Auch hierzu gibt es ein schlagendes Zitat von Smith, welches ideologiekritisch auszulegen ist. Der Markt sei als das «einsichtige und einfache System der natürlichen Freiheit» zu fassen. Es ist nämlich ganz «einfach» einzusehen und es erscheint dem Einzelnen, hier: den Eltern, ganz «natürlich», dass der Druck, den sie empfinden und unter dem sie leiden, ihrem «freien» Entschluss geschuldet sein muss.
Sollte der Druck jemals systematisch (!) vom «ausbeutenden Fabrikeigentümer» ausgegangen sein, so dass «sowohl die Unterdrückung als auch die Unterdrücker sichtbar» waren, so gibt es jedenfalls heute, so der Philosoph Byung-Chul Han, «kein konkretes Gegenüber mehr, keinen Feind, … gegen den ein Widerstand möglich wäre». Es ist vielmehr «der Neoliberalismus» bzw. das globale Wettbewerbsregime, dem dieser zuarbeitet, es sind also durchaus äußere, und zwar soziale Instanzen, die aus uns allen einen «freien Unternehmer», einen sich frei wähnenden «Unternehmer seiner selbst» machen. «Jeder ist heute ein selbstausbeutender Arbeiter seines eigenen Unternehmers. Jeder ist Herr und Knecht in einer Person. Auch der Klassenkampf [so der Begriff den jemals für die kapitalistische Entwicklung adäquat war] verwandelt sich in einen inneren Kampf mit sich selbst.
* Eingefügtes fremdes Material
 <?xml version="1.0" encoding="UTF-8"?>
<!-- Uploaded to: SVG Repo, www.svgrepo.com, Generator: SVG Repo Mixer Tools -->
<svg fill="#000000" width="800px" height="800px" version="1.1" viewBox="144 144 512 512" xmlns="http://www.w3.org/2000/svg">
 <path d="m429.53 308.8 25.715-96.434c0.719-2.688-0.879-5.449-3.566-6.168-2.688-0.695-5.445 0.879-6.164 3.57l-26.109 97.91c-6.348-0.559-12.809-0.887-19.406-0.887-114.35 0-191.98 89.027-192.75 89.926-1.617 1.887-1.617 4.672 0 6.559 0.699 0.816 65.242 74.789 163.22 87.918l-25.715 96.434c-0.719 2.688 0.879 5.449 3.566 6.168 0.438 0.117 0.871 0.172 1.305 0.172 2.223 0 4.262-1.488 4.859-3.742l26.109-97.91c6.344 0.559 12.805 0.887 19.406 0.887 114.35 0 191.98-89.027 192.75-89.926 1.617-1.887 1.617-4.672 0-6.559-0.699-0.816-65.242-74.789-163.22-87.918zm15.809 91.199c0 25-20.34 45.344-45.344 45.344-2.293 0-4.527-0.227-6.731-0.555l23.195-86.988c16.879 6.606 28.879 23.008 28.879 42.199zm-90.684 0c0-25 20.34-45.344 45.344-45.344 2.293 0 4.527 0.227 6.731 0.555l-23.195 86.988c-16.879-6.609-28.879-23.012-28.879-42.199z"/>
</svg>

Wer heute scheitert, beschuldigt sich selbst und schämt sich. Man problematisiert sich selbst statt die Gesellschaft.»
Man sieht, es ginge darum, und zwar für alle Lebensbereiche, auch für solche, die auf den ersten Blick mit «der Wirtschaft» nicht allzu viel zu tun haben, wie etwa die Kindererziehung, politischer zu denken und systemtheoretische (S. 80 ff.), politisch-ökonomisch konfiguierte Aufklärungsarbeit zu leisten (da geht es um «verborgen» ablaufende Konflikte) und entsprechende wirtschaftsethisch-kritische Kompetenzen auszubilden. Und so ist es ja auch aus Sicht der Eltern schon nicht allein eine Privatentscheidung, dass der Druck zunimmt. Vielmehr ist es in einem freilich reichlich diffusen Sinne «unsere Gesellschaft», die durch ihre «hohen Leistungsanforderungen» «Druck» erzeugt (62% Zustimmung) – den man zugleich allerdings vielfach in einen Druck aus sich selbst bzw. aus den «hohen Ansprüchen an sich selbst» umzumünzen scheint (65% Zustimmung).
Eine privatistische Umdeutung politischer Fragen dürfte übrigens auch auf der Erziehungsseite im Konfliktfeld von «Job und Kind» anzutreffen sein. Haben die Ansprüche nach «Perfektion» nicht auch mit den Anstrengungen der Eltern zu tun, dafür zu sorgen, dass das Kind im schulischen Wettbewerb mithalten kann, damit es später nicht auf der Verliererstraße endet?
Fast zeitgleich zur Eltern-Studie, nämlich gestern, hielt der Präsident des Deutschen Kinderhilfswerkes, Thomas Krüger, eine Rede auf einer Fachtagung zum Thema «Spielen ist Kinderrecht» (epd vom 15.1.2015, online nicht verfügbar). Es sei ein «tiefgreifender Wandel in den Bedingungen für das Aufwachsen von Kindern» nötig, um das für die Kindesentwicklung so wichtige Recht auf freies Spielen zu gewährleisten. Den Kindern würde einfach zu wenig Zeit für das freie (das zweckfreie) Spiel gewährt. Zurückgeführt wird diese Fehlentwicklung «vor allem auf immer größere Leistungsanforderungen, Lernstress und die wachsende Ökonomisierung der Bildung».
Könnte TTIP – bzw. seine Verhinderung – etwas mit Stressreduktion und der Gewinnung von außerökonomischen Freiräumen zu tun haben?